### TASK INSTRUCTIONS
No pictures go into the copy. Write out every line below exactly.

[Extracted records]
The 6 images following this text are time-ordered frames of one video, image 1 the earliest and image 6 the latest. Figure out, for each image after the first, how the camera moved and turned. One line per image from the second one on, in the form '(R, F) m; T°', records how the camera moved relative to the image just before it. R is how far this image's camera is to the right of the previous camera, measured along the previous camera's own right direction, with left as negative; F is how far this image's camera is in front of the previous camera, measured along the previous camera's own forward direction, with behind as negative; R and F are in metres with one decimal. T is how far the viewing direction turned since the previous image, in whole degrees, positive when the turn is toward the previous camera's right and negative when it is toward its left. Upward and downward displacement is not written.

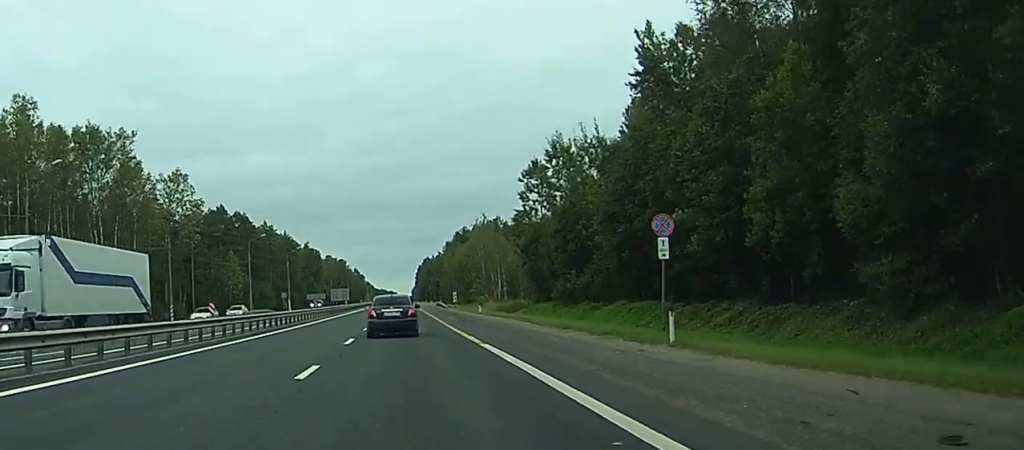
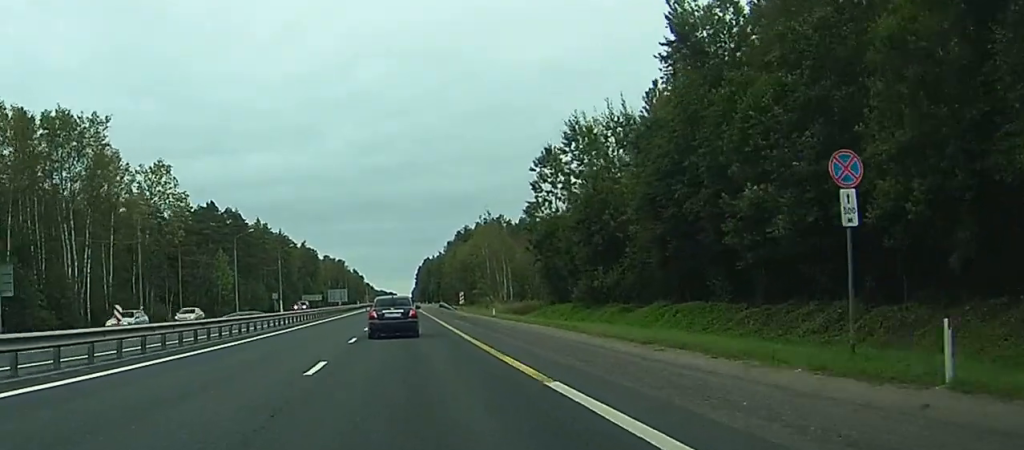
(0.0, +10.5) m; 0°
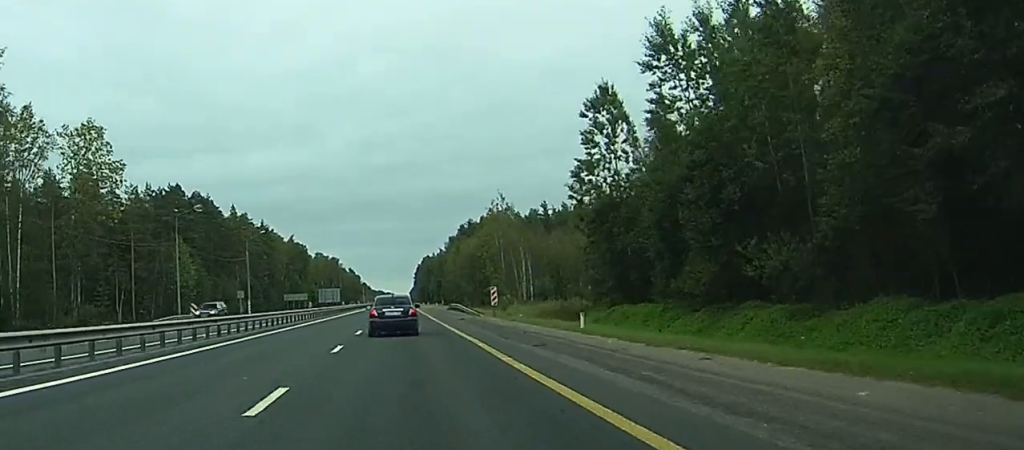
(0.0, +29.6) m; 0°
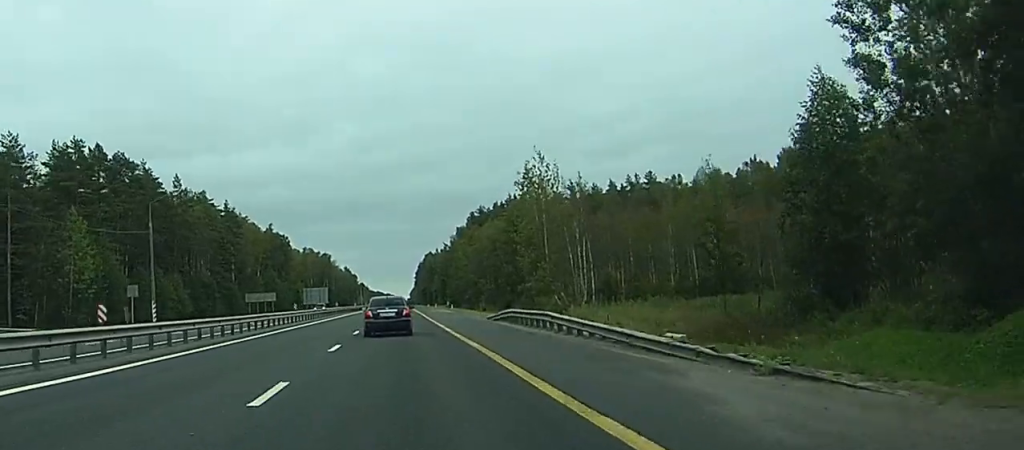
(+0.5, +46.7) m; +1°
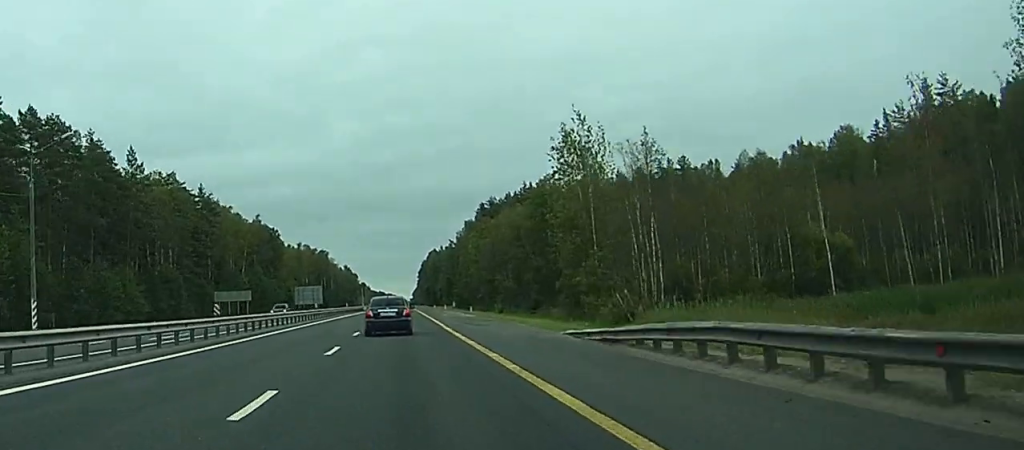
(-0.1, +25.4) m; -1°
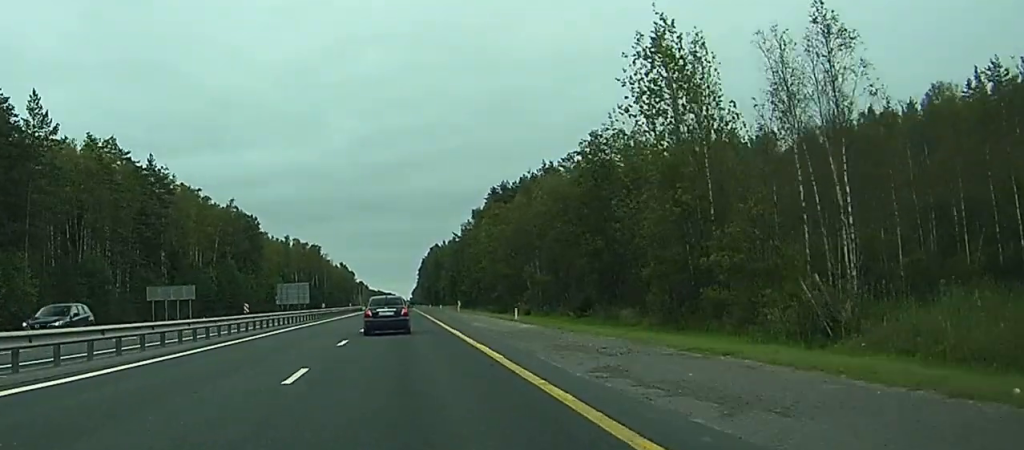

### ANSWER SECTION
The 6 images following this text are time-ordered frames of one video, image 1 the earliest and image 6 the latest. Figure out, for each image after the first, how the camera moved and turned. One line per image from the second one on, in the form '(R, F) m; T°', records how the camera moved relative to the image just before it. R is how far this image's camera is to the right of the previous camera, measured along the previous camera's own right direction, with left as negative; F is how far this image's camera is in front of the previous camera, measured along the previous camera's own forward direction, with behind as negative; R and F are in metres with one decimal. T is how far the viewing direction turned since the previous image, in whole degrees, positive when the turn is toward the previous camera's right and negative when it is toward its left. Upward and downward displacement is not written.

(0.0, +10.5) m; 0°
(0.0, +29.6) m; 0°
(+0.5, +46.7) m; +1°
(-0.1, +25.4) m; -1°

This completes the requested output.